From the line with "Character: 潻" to the final line of the data below, please write out every line exactly, with no pictures.

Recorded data
+ + + + +

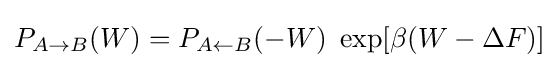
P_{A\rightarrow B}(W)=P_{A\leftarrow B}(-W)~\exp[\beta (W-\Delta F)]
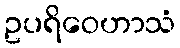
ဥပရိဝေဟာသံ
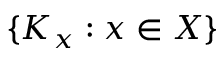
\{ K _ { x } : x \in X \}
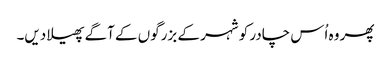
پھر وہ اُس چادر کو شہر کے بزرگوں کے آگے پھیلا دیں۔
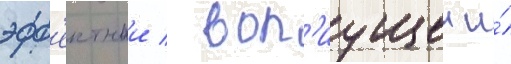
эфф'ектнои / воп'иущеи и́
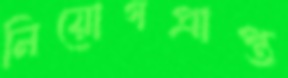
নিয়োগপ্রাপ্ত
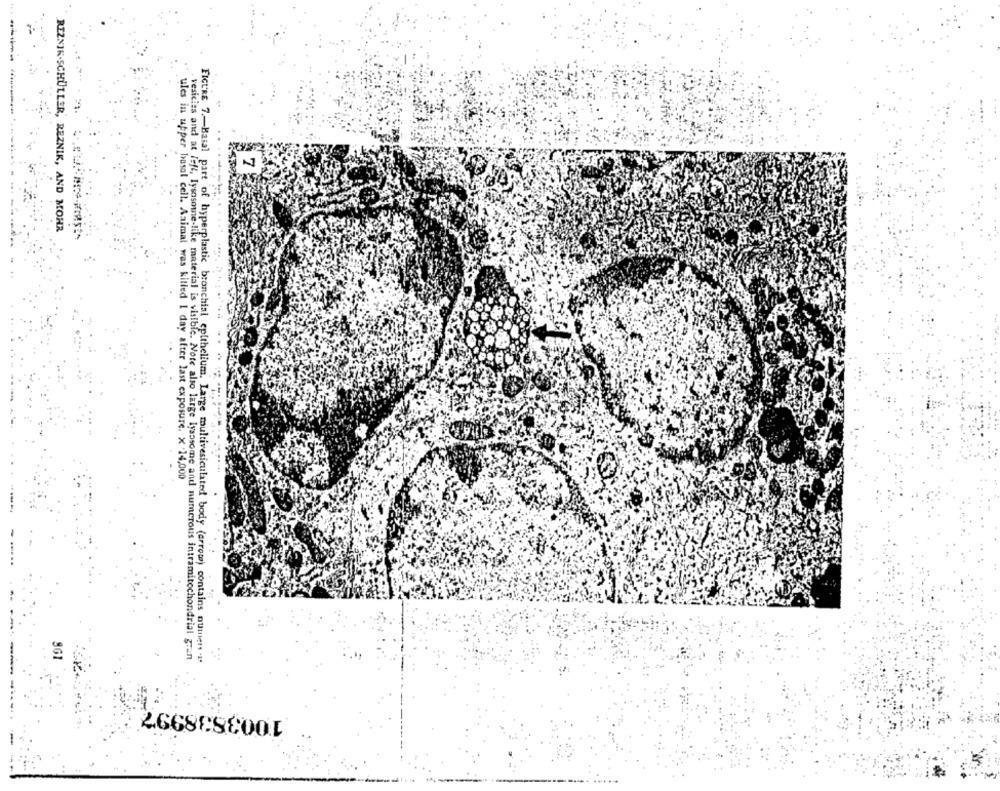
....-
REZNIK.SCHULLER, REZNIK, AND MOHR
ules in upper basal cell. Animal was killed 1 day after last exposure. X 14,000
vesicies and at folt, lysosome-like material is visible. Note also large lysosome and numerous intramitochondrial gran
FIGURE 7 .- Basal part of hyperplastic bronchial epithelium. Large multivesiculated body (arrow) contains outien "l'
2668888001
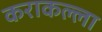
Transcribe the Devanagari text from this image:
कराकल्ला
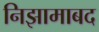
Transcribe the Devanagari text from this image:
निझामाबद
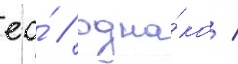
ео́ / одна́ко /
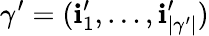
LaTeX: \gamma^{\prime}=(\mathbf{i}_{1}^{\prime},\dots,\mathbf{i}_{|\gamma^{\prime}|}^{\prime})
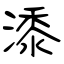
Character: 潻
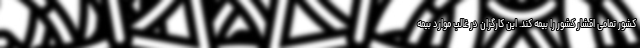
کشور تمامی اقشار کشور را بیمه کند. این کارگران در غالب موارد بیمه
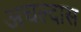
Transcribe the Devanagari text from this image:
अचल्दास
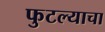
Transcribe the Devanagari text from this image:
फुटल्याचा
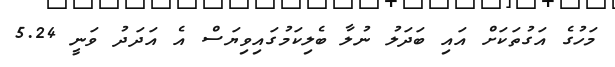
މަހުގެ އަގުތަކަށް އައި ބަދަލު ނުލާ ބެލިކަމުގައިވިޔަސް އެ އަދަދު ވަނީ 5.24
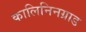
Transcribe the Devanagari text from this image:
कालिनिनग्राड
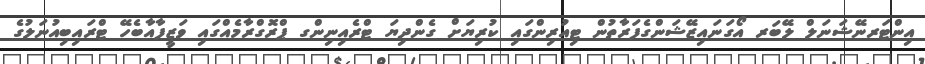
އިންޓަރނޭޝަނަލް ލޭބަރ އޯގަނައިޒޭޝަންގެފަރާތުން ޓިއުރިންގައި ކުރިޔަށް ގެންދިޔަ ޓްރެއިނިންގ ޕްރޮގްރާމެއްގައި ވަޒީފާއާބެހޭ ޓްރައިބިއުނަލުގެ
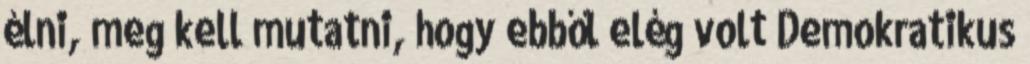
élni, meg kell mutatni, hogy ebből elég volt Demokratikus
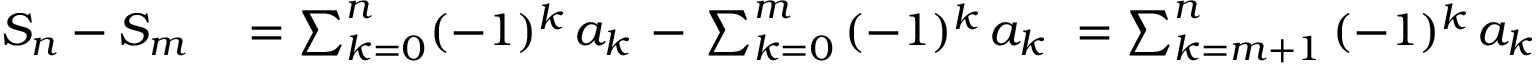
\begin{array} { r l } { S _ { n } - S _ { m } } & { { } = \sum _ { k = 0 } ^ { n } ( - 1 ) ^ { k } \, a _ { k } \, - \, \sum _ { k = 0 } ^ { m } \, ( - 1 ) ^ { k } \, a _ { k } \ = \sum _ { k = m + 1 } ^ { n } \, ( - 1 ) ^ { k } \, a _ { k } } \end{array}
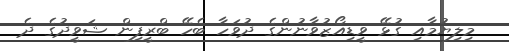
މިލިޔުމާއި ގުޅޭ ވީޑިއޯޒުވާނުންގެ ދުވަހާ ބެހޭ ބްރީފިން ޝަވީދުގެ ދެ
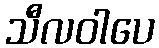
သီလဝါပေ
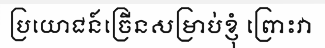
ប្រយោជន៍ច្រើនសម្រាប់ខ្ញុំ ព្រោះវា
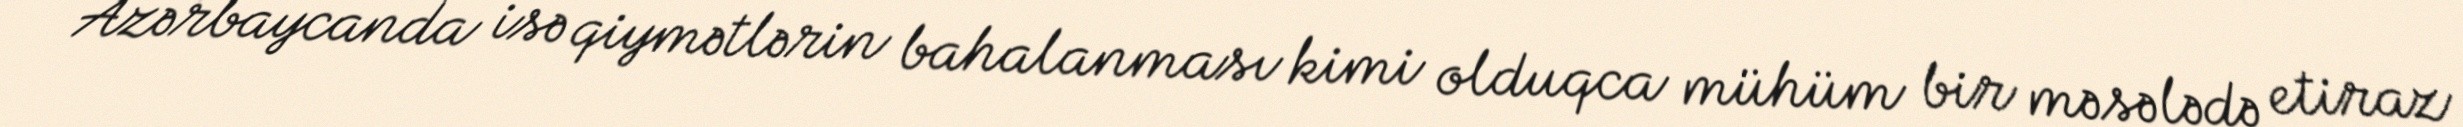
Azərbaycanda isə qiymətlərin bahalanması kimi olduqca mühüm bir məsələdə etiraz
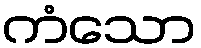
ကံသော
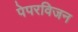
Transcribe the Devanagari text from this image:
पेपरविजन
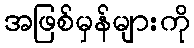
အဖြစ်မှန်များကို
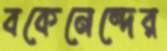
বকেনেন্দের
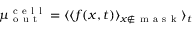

+ + + + +

# [Solution]
Character: 潻
کشور تمامی اقشار کشور را بیمه کند. این کارگران در غالب موارد بیمه
Transcribe the Devanagari text from this image:
अचल्दास
Transcribe the Devanagari text from this image:
फुटल्याचा
މަހުގެ އަގުތަކަށް އައި ބަދަލު ނުލާ ބެލިކަމުގައިވިޔަސް އެ އަދަދު ވަނީ 5.24
Transcribe the Devanagari text from this image:
कालिनिनग्राड
އިންޓަރނޭޝަނަލް ލޭބަރ އޯގަނައިޒޭޝަންގެފަރާތުން ޓިއުރިންގައި ކުރިޔަށް ގެންދިޔަ ޓްރެއިނިންގ ޕްރޮގްރާމެއްގައި ވަޒީފާއާބެހޭ ޓްރައިބިއުނަލުގެ
élni, meg kell mutatni, hogy ebből elég volt Demokratikus
\begin{array} { r l } { S _ { n } - S _ { m } } & { { } = \sum _ { k = 0 } ^ { n } ( - 1 ) ^ { k } \, a _ { k } \, - \, \sum _ { k = 0 } ^ { m } \, ( - 1 ) ^ { k } \, a _ { k } \ = \sum _ { k = m + 1 } ^ { n } \, ( - 1 ) ^ { k } \, a _ { k } } \end{array}
މިލިޔުމާއި ގުޅޭ ވީޑިއޯޒުވާނުންގެ ދުވަހާ ބެހޭ ބްރީފިން ޝަވީދުގެ ދެ
သီလဝါပေ
ប្រយោជន៍ច្រើនសម្រាប់ខ្ញុំ ព្រោះវា
Azərbaycanda isə qiymətlərin bahalanması kimi olduqca mühüm bir məsələdə etiraz
ကံသော
Transcribe the Devanagari text from this image:
पेपरविजन
အဖြစ်မှန်များကို
বকেনেন্দের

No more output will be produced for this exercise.